Task directions >>
Go to the line below containing "Q: Stroke contrast? A: Low." and print exactly from there through the line containing "Q: Monospaced? A: No.", both included. Print nothing else.

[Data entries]
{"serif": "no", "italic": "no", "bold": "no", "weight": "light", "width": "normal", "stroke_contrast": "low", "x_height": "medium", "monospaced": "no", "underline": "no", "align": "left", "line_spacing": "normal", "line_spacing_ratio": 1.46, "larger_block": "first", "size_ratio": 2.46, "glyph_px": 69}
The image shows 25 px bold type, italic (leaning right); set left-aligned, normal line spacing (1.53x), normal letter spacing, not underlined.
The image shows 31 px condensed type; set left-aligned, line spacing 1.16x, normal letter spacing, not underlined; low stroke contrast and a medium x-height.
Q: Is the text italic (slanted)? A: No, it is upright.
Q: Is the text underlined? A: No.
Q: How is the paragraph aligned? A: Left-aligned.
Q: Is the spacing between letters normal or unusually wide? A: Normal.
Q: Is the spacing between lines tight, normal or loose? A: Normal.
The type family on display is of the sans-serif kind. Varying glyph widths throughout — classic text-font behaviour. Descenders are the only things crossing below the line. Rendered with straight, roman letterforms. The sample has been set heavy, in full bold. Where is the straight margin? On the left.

---

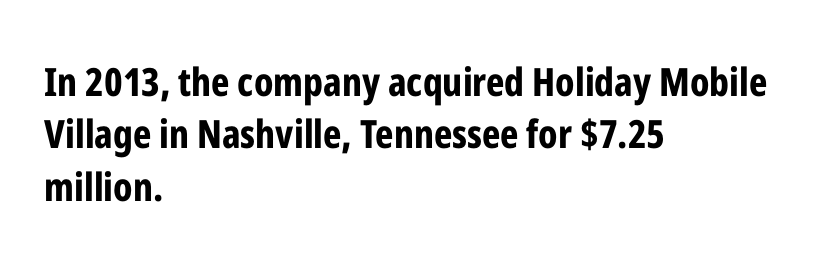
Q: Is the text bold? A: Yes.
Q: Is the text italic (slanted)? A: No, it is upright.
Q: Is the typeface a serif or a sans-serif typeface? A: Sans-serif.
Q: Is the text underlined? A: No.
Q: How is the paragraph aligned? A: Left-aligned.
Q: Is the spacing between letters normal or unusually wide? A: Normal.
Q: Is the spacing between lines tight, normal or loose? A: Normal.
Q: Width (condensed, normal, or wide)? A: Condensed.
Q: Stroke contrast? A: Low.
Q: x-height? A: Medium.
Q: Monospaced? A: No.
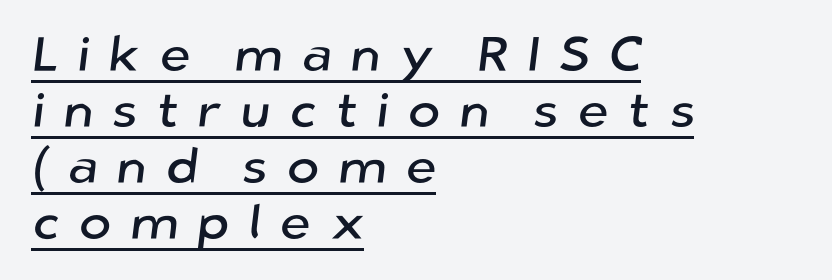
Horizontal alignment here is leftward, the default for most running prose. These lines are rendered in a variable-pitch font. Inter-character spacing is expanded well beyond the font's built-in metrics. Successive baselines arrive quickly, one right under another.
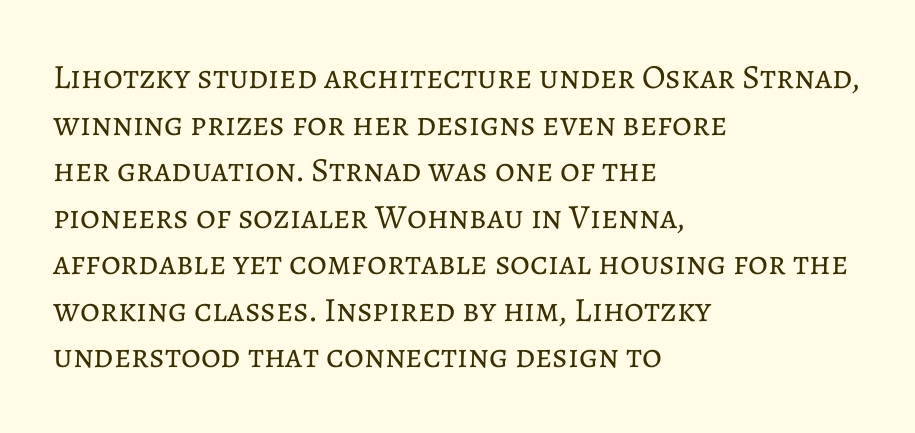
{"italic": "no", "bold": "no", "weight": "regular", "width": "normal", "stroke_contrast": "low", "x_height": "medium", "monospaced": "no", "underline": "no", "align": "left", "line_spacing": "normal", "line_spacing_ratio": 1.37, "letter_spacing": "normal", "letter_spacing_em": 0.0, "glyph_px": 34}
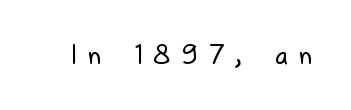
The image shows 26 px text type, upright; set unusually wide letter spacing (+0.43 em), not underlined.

--

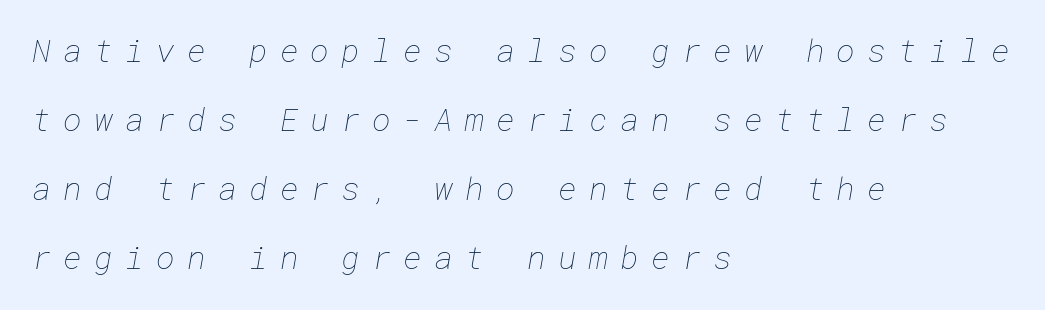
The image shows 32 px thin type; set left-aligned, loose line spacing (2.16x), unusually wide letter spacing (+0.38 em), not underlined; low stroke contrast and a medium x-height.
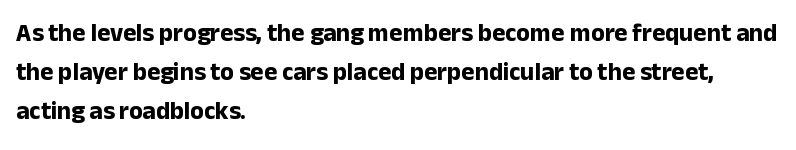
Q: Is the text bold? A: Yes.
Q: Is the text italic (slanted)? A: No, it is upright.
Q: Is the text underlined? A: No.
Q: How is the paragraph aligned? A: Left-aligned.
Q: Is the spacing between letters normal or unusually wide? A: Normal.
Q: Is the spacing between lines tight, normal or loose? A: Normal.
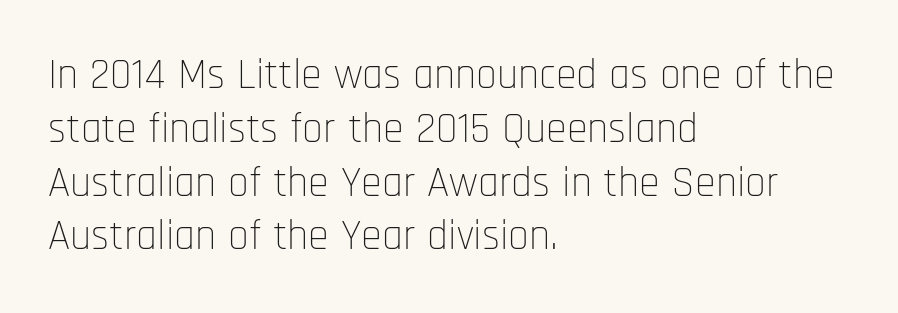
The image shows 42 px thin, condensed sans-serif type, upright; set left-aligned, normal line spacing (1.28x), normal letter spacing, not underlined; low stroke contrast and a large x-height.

Written answer >>
Q: Stroke contrast? A: Low.
Q: x-height? A: Medium.
Q: Monospaced? A: No.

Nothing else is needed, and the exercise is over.